● **EXERCISE PROMPT**
Reproduce, exactly and in full, the lines from the one with "The image shows 23" through the one with "Students, note that" in the data below; drop pictures.

● **INPUT FOR THIS TASK**
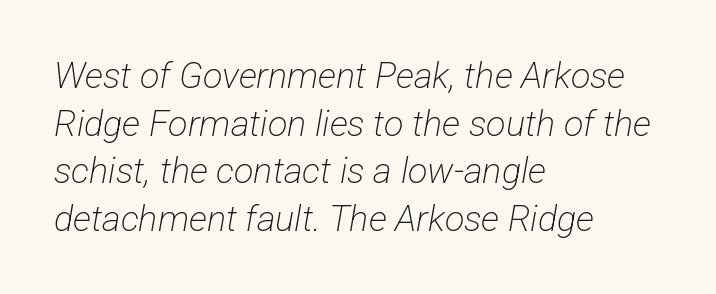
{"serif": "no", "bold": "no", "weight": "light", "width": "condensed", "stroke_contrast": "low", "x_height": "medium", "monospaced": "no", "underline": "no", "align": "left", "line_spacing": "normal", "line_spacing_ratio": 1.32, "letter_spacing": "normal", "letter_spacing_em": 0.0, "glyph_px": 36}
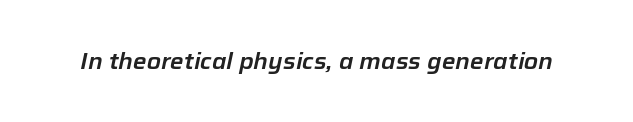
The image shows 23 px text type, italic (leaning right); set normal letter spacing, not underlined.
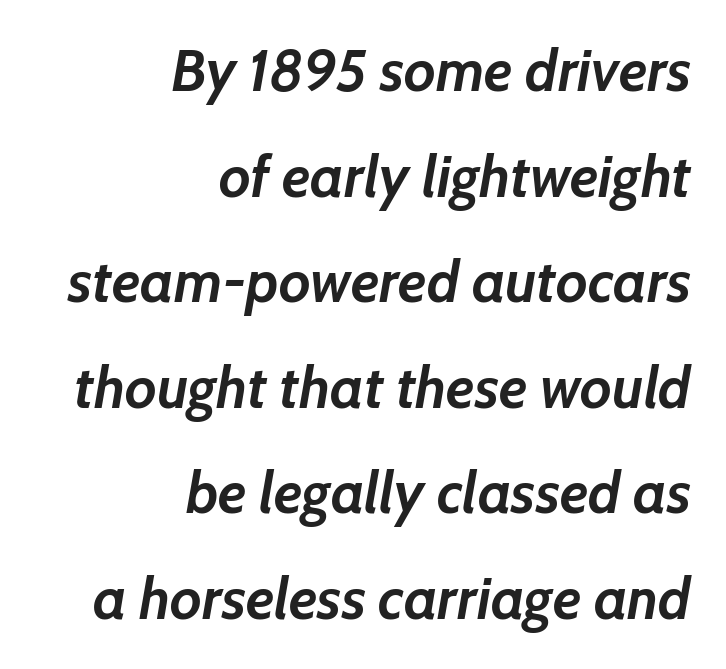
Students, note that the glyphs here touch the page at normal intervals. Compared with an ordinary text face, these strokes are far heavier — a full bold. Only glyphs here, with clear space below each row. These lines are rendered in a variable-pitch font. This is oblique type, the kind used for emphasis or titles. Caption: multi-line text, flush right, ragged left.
==
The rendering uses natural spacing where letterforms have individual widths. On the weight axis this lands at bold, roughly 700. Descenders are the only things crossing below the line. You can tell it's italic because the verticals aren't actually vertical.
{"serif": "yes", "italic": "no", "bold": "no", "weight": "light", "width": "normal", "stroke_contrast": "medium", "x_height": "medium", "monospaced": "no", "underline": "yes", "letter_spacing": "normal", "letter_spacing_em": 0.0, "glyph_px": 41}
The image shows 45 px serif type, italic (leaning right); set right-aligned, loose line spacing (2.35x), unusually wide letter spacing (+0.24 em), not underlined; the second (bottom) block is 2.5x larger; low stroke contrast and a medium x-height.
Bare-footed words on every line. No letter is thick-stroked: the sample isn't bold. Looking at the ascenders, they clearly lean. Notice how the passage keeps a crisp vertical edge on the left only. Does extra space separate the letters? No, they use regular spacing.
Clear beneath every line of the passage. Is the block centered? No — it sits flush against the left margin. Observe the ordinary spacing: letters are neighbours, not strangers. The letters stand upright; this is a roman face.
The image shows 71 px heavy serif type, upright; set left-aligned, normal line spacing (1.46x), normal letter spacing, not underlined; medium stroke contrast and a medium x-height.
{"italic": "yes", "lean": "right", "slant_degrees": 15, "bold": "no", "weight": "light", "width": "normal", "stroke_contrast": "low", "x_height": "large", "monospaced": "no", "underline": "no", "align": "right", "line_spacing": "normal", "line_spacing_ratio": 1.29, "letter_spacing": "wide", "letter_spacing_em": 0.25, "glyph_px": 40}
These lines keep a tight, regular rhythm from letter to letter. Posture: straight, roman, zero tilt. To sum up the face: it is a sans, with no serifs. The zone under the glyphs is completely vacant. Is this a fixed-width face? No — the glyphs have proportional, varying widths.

● **FINAL ANSWER**
The image shows 23 px text type, italic (leaning right); set normal letter spacing, not underlined.
Students, note that the glyphs here touch the page at normal intervals. Compared with an ordinary text face, these strokes are far heavier — a full bold. Only glyphs here, with clear space below each row. These lines are rendered in a variable-pitch font. This is oblique type, the kind used for emphasis or titles. Caption: multi-line text, flush right, ragged left.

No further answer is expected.